1952年に発行されてから随時改訂され、今月に第5版である「DSM-5」の発表が予定されています。
これにより精神科での診断名が変わったりするわけですから、興味は尽きません。

5月11日の読売新聞でこの「DSM-5」に関する記事が書かれていたそうです(又聞きです・・)。
以下、引用。

 うつ病は、「抑うつ気分」「興味または喜びの喪失」の一方または両方と、ほぼ毎日の「不眠や睡眠過多」など、計五つ以上の症状が2週間続き、生活に支障がある場合に診断される。ただし、死別の場合は、症状が2か月以上続く場合に診断できる、と規定されていた。

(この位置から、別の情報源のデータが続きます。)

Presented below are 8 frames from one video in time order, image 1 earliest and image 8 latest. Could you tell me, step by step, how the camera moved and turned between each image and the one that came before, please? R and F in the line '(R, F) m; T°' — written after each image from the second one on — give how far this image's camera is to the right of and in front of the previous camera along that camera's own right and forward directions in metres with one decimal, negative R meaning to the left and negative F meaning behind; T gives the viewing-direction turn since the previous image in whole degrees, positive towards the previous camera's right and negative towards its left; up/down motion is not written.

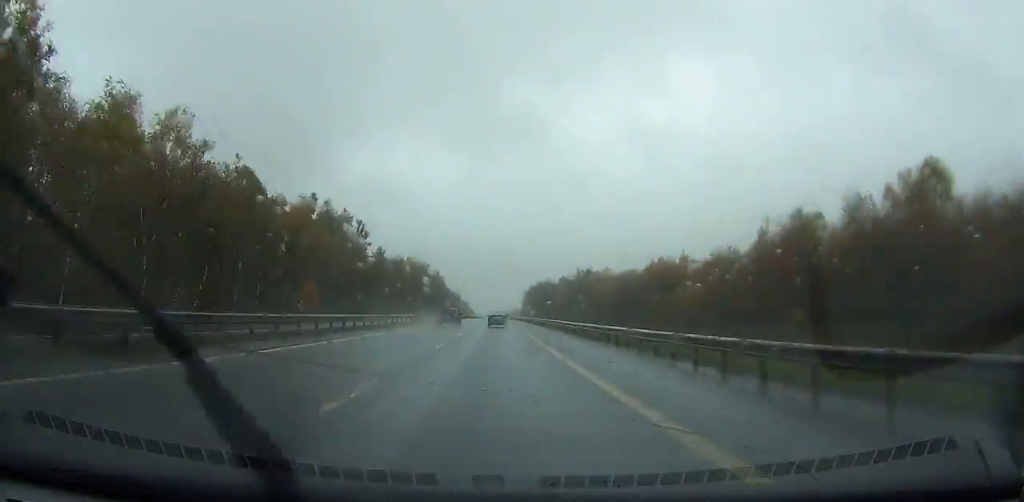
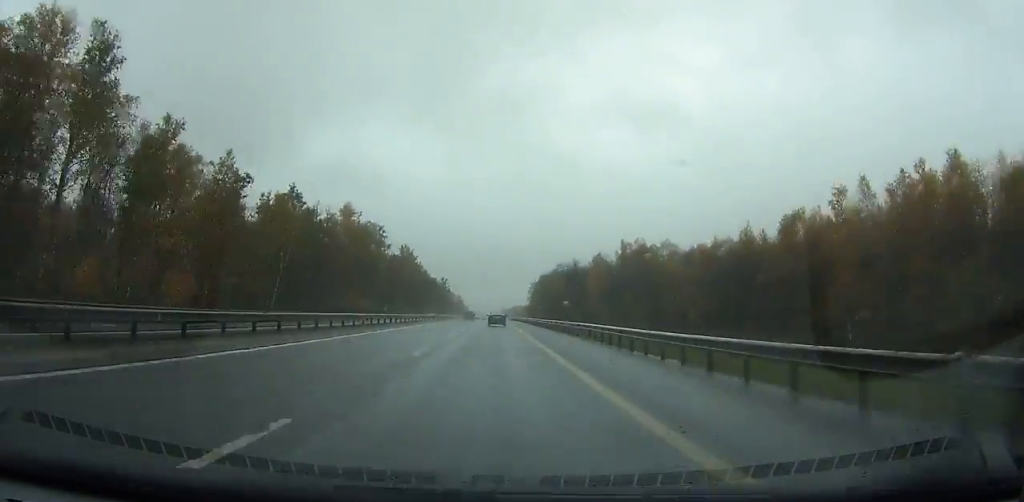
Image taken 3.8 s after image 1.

 新基準ではこの規定が削除され、脚注で正確な診断のポイントなどが記載される。背景には、うつ病を早期に治療することを重視する流れがある。だが、子どもや配偶者を不慮の事故などで失った時も、2週間で立ち直らなければ病気とされる可能性があり、日本の精神科医からも疑問の声が上がっている。


・・・・
どうでしょうか?
新基準では、大切な肉親が亡くなってから2週間で「悲しみにサヨナラ」しなければ、「うつ病」と」診断される可能性があるということです。
いや、本当にうつ病かもしれませんから、百歩譲って診断されることは良しとしましょう。

しかし、なぜ2週間?なぜ2か月?
その根拠が全くわかりません・・・
しかも簡単に診断基準を変えるって・・なんでも早期治療で片づけようとしているように思えます。
そしてまた、「薬漬け患者」が一人出来上がりってわけですね。

肉親との死別というのは、人生の中でも最大級の悲しい出来事ですよね。
もちろん悲しいし、つらいし、苦しい。
そんなときに、甘い言葉に乗って、安易に薬を飲まれませんように・・・
人間は薬なしにでも、悲しみを昇華できる生き物なのです。